Background It is thought vaccines allowed for emergency use significantly reduce hospitalizations and emergency room visits. It is a matter of curiosity how many of the patients who come to the emergency department (ED) are vaccinated. We aimed to examine the characteristics of ED patients needing hospitalizations related to moderate and severe COVID-19 by vaccination status. Methods A retrospective study of 559 rRT-PCR-confirmed SARS-CoV-2 infection cases with moderate or severe COVID-19 needing hospitalization was performed in August 2021. Univariate and multivariate logistic regression analyses were performed for factors associated with mortality. Results The mean age of the patients was 60.8 ± 18.1 years old, and 54.2% ( n = 303) of the patients were women. The most common comorbidities were hypertension (37.2%), diabetes mellitus (31.1%) and chronic obstructive pulmonary disease (13.8%), respectively. The number of patients with alpha variant was 399 (71.4%), and delta variant was 83 (14.8%).

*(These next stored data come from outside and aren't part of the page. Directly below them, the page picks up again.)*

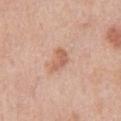Impression:
No biopsy was performed on this lesion — it was imaged during a full skin examination and was not determined to be concerning.
Image and clinical context:
The tile uses white-light illumination. A close-up tile cropped from a whole-body skin photograph, about 15 mm across. The total-body-photography lesion software estimated a footprint of about 4 mm², an outline eccentricity of about 0.8 (0 = round, 1 = elongated), and a symmetry-axis asymmetry near 0.45. And it measured an average lesion color of about L≈61 a*≈23 b*≈31 (CIELAB) and a normalized lesion–skin contrast near 6.5. It also reported border irregularity of about 4.5 on a 0–10 scale, a within-lesion color-variation index near 1.5/10, and radial color variation of about 0.5. The lesion is located on the abdomen. Approximately 3 mm at its widest. The patient is a male aged around 70.
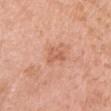A 15 mm crop from a total-body photograph taken for skin-cancer surveillance.
The tile uses white-light illumination.
The patient is a female aged 48–52.
From the head or neck.
About 3 mm across.
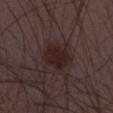notes=no biopsy performed (imaged during a skin exam).
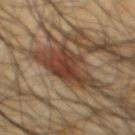Q: Is there a histopathology result?
A: total-body-photography surveillance lesion; no biopsy
Q: Where on the body is the lesion?
A: the mid back
Q: What did automated image analysis measure?
A: a lesion area of about 19 mm², an outline eccentricity of about 0.85 (0 = round, 1 = elongated), and two-axis asymmetry of about 0.4; an average lesion color of about L≈38 a*≈17 b*≈26 (CIELAB) and a lesion-to-skin contrast of about 10 (normalized; higher = more distinct); a border-irregularity index near 5.5/10, internal color variation of about 5.5 on a 0–10 scale, and peripheral color asymmetry of about 2; an automated nevus-likeness rating near 100 out of 100 and a lesion-detection confidence of about 90/100
Q: Patient demographics?
A: male, aged 63 to 67
Q: How large is the lesion?
A: about 7 mm
Q: What kind of image is this?
A: 15 mm crop, total-body photography
Q: Illumination type?
A: cross-polarized
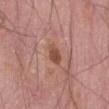Clinical impression: Captured during whole-body skin photography for melanoma surveillance; the lesion was not biopsied. Image and clinical context: The lesion is on the abdomen. Imaged with white-light lighting. Cropped from a whole-body photographic skin survey; the tile spans about 15 mm. Approximately 3 mm at its widest. A male patient, aged around 75.
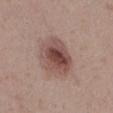image-analysis metrics = a mean CIELAB color near L≈48 a*≈20 b*≈22 and a lesion–skin lightness drop of about 12; an automated nevus-likeness rating near 95 out of 100 and lesion-presence confidence of about 100/100
acquisition = 15 mm crop, total-body photography
anatomic site = the left thigh
patient = female, aged approximately 30
size = ≈4.5 mm
tile lighting = white-light illumination
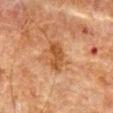workup = catalogued during a skin exam; not biopsied
anatomic site = the abdomen
imaging modality = ~15 mm crop, total-body skin-cancer survey
tile lighting = cross-polarized
patient = male, approximately 80 years of age
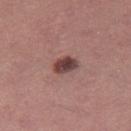{"biopsy_status": "not biopsied; imaged during a skin examination", "lighting": "white-light", "patient": {"sex": "male", "age_approx": 40}, "automated_metrics": {"area_mm2_approx": 5.0, "eccentricity": 0.8, "shape_asymmetry": 0.2, "cielab_L": 42, "cielab_a": 21, "cielab_b": 20, "vs_skin_darker_L": 15.0, "nevus_likeness_0_100": 85, "lesion_detection_confidence_0_100": 100}, "lesion_size": {"long_diameter_mm_approx": 3.0}, "site": "leg", "image": {"source": "total-body photography crop", "field_of_view_mm": 15}}
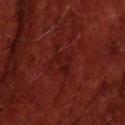* workup — total-body-photography surveillance lesion; no biopsy
* imaging modality — ~15 mm tile from a whole-body skin photo
* body site — the upper back
* patient — male, aged 68–72
* illumination — cross-polarized
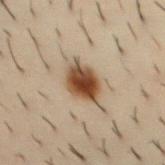Clinical impression:
Imaged during a routine full-body skin examination; the lesion was not biopsied and no histopathology is available.
Acquisition and patient details:
Automated tile analysis of the lesion measured a footprint of about 12 mm². The software also gave an average lesion color of about L≈39 a*≈14 b*≈27 (CIELAB). The analysis additionally found a border-irregularity rating of about 1.5/10, a within-lesion color-variation index near 7/10, and peripheral color asymmetry of about 2. And it measured a nevus-likeness score of about 100/100. A male patient in their 30s. The lesion's longest dimension is about 4.5 mm. The tile uses cross-polarized illumination. The lesion is located on the abdomen. This image is a 15 mm lesion crop taken from a total-body photograph.
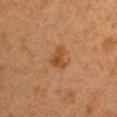The lesion was photographed on a routine skin check and not biopsied; there is no pathology result. About 3 mm across. Imaged with cross-polarized lighting. Cropped from a total-body skin-imaging series; the visible field is about 15 mm. The lesion is on the right upper arm. A female patient roughly 40 years of age.
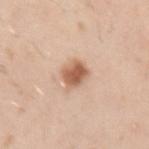Q: Was a biopsy performed?
A: catalogued during a skin exam; not biopsied
Q: How was the tile lit?
A: white-light
Q: Lesion location?
A: the left upper arm
Q: Automated lesion metrics?
A: an area of roughly 6.5 mm² and a shape-asymmetry score of about 0.2 (0 = symmetric); a mean CIELAB color near L≈60 a*≈22 b*≈32 and a normalized lesion–skin contrast near 9.5
Q: What are the patient's age and sex?
A: male, aged around 30
Q: What is the imaging modality?
A: 15 mm crop, total-body photography
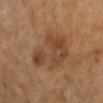Captured during whole-body skin photography for melanoma surveillance; the lesion was not biopsied. The patient is approximately 60 years of age. The lesion is on the right forearm. This image is a 15 mm lesion crop taken from a total-body photograph. About 6.5 mm across. The lesion-visualizer software estimated a footprint of about 20 mm², a shape eccentricity near 0.75, and a shape-asymmetry score of about 0.3 (0 = symmetric). The analysis additionally found an average lesion color of about L≈43 a*≈20 b*≈32 (CIELAB), a lesion–skin lightness drop of about 8, and a normalized lesion–skin contrast near 6.5. The analysis additionally found a nevus-likeness score of about 10/100 and a lesion-detection confidence of about 100/100. Imaged with cross-polarized lighting.
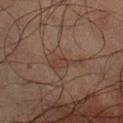follow-up: catalogued during a skin exam; not biopsied
site: the upper back
imaging modality: total-body-photography crop, ~15 mm field of view
subject: male, aged 63–67
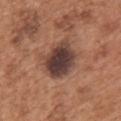biopsy status: no biopsy performed (imaged during a skin exam); imaging modality: ~15 mm tile from a whole-body skin photo; body site: the upper back; lighting: white-light illumination; patient: male, approximately 65 years of age; size: about 5 mm.
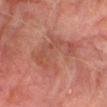Recorded during total-body skin imaging; not selected for excision or biopsy. The tile uses cross-polarized illumination. From the right lower leg. Cropped from a whole-body photographic skin survey; the tile spans about 15 mm. The lesion's longest dimension is about 9 mm. A male subject, approximately 75 years of age.
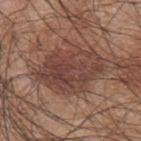Impression: Part of a total-body skin-imaging series; this lesion was reviewed on a skin check and was not flagged for biopsy. Context: This is a white-light tile. The total-body-photography lesion software estimated a lesion area of about 24 mm², a shape eccentricity near 0.8, and a symmetry-axis asymmetry near 0.25. The software also gave a border-irregularity index near 4/10 and a peripheral color-asymmetry measure near 2. A male patient, in their mid- to late 40s. Cropped from a total-body skin-imaging series; the visible field is about 15 mm. The lesion is located on the upper back. Longest diameter approximately 7.5 mm.
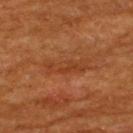{
  "patient": {
    "sex": "male",
    "age_approx": 60
  },
  "site": "upper back",
  "lighting": "cross-polarized",
  "image": {
    "source": "total-body photography crop",
    "field_of_view_mm": 15
  },
  "lesion_size": {
    "long_diameter_mm_approx": 5.0
  }
}
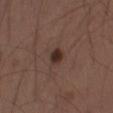follow-up=imaged on a skin check; not biopsied
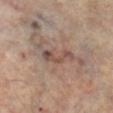notes = total-body-photography surveillance lesion; no biopsy
image source = total-body-photography crop, ~15 mm field of view
patient = female, aged around 60
site = the right lower leg
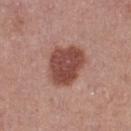Q: Is there a histopathology result?
A: total-body-photography surveillance lesion; no biopsy
Q: What are the patient's age and sex?
A: female, aged 38 to 42
Q: Lesion location?
A: the leg
Q: How was this image acquired?
A: ~15 mm tile from a whole-body skin photo
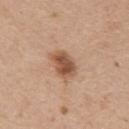image-analysis metrics = an area of roughly 8 mm² and an eccentricity of roughly 0.75; an average lesion color of about L≈53 a*≈21 b*≈32 (CIELAB), roughly 13 lightness units darker than nearby skin, and a normalized border contrast of about 9; border irregularity of about 1.5 on a 0–10 scale, a within-lesion color-variation index near 4/10, and a peripheral color-asymmetry measure near 1.5; a classifier nevus-likeness of about 90/100 and lesion-presence confidence of about 100/100 | image = total-body-photography crop, ~15 mm field of view | tile lighting = white-light | site = the arm | patient = female, about 45 years old.
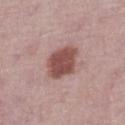Clinical impression: Recorded during total-body skin imaging; not selected for excision or biopsy. Background: Located on the leg. Imaged with white-light lighting. A female patient, about 65 years old. The total-body-photography lesion software estimated a normalized border contrast of about 10. It also reported border irregularity of about 1.5 on a 0–10 scale. The analysis additionally found a classifier nevus-likeness of about 95/100. About 4.5 mm across. Cropped from a whole-body photographic skin survey; the tile spans about 15 mm.
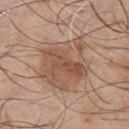{
  "biopsy_status": "not biopsied; imaged during a skin examination",
  "image": {
    "source": "total-body photography crop",
    "field_of_view_mm": 15
  },
  "lighting": "white-light",
  "automated_metrics": {
    "cielab_L": 54,
    "cielab_a": 19,
    "cielab_b": 28,
    "vs_skin_darker_L": 9.0,
    "vs_skin_contrast_norm": 6.5,
    "nevus_likeness_0_100": 50
  },
  "site": "chest",
  "patient": {
    "sex": "male",
    "age_approx": 45
  },
  "lesion_size": {
    "long_diameter_mm_approx": 6.5
  }
}
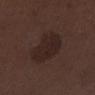biopsy status = no biopsy performed (imaged during a skin exam)
tile lighting = white-light illumination
diameter = about 5 mm
subject = male, about 70 years old
image = total-body-photography crop, ~15 mm field of view
body site = the right lower leg
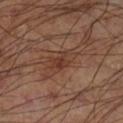The lesion was tiled from a total-body skin photograph and was not biopsied. A roughly 15 mm field-of-view crop from a total-body skin photograph. On the right thigh. Measured at roughly 3.5 mm in maximum diameter. This is a cross-polarized tile.
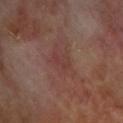Notes:
• follow-up · no biopsy performed (imaged during a skin exam)
• site · the upper back
• automated lesion analysis · an average lesion color of about L≈36 a*≈22 b*≈22 (CIELAB) and a lesion–skin lightness drop of about 5
• lesion diameter · about 3 mm
• imaging modality · 15 mm crop, total-body photography
• patient · male, aged approximately 70
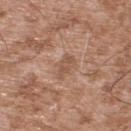Q: Is there a histopathology result?
A: no biopsy performed (imaged during a skin exam)
Q: Lesion size?
A: ≈3 mm
Q: What kind of image is this?
A: ~15 mm tile from a whole-body skin photo
Q: Who is the patient?
A: male, aged approximately 55
Q: Illumination type?
A: white-light
Q: Where on the body is the lesion?
A: the upper back
Q: What did automated image analysis measure?
A: roughly 8 lightness units darker than nearby skin; a color-variation rating of about 1.5/10 and radial color variation of about 0.5; a lesion-detection confidence of about 100/100
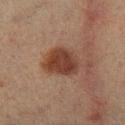Impression: Part of a total-body skin-imaging series; this lesion was reviewed on a skin check and was not flagged for biopsy. Clinical summary: A close-up tile cropped from a whole-body skin photograph, about 15 mm across. Located on the left lower leg. A female subject, in their mid-50s.
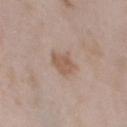Assessment:
The lesion was photographed on a routine skin check and not biopsied; there is no pathology result.
Context:
A 15 mm close-up extracted from a 3D total-body photography capture. Imaged with white-light lighting. On the chest. A female patient, roughly 30 years of age. About 3.5 mm across.
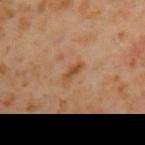biopsy status: total-body-photography surveillance lesion; no biopsy
subject: male, aged around 60
location: the left upper arm
lighting: cross-polarized
acquisition: ~15 mm tile from a whole-body skin photo
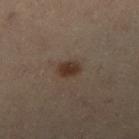No biopsy was performed on this lesion — it was imaged during a full skin examination and was not determined to be concerning. An algorithmic analysis of the crop reported a nevus-likeness score of about 95/100 and lesion-presence confidence of about 100/100. Longest diameter approximately 2.5 mm. A region of skin cropped from a whole-body photographic capture, roughly 15 mm wide. Located on the right lower leg. A male patient aged 53–57.

Fifty point 6% ( n = 283) of the patients were fully vaccinated. The total number of patients who died in the study was 114 (20.4%), and the number of patients hospitalized in the intensive care unit was 168 (30.1%). The day between the last dose of vaccine and hospitalization was 117 ± 45.9 days. In multivariate logistic regression analysis: age (odds ratio (OR), 1.05; 95% confidence intervals (95% CI) 1.03–1.08- year increase), male gender (OR, 1.8; 95% CI, 1.1–2.9), presence of at least one comorbid disease (OR, 2; 95% CI, 1.1–3.7) and partial (OR, 0.24;95% CI, 0.09–0.6) and fully vaccinated status (OR, 0.1; 95% CI, 0.05–0.18) were associated with mortality among COVID-19 patients. Conclusions In this study, age older than 65, unvaccinated, and comorbidities had significantly higher mortality. In multivariate regression analyses, age, vaccination status, comorbidities and the male gender were associated with mortality. Our study did not evaluate the vaccine efficacy but, a lower mortality rate was observed in those fully vaccinated with CoronaVac and Pfizer–BioNTech. Additionally, Alpha, Delta and other variants had the same mortality rates.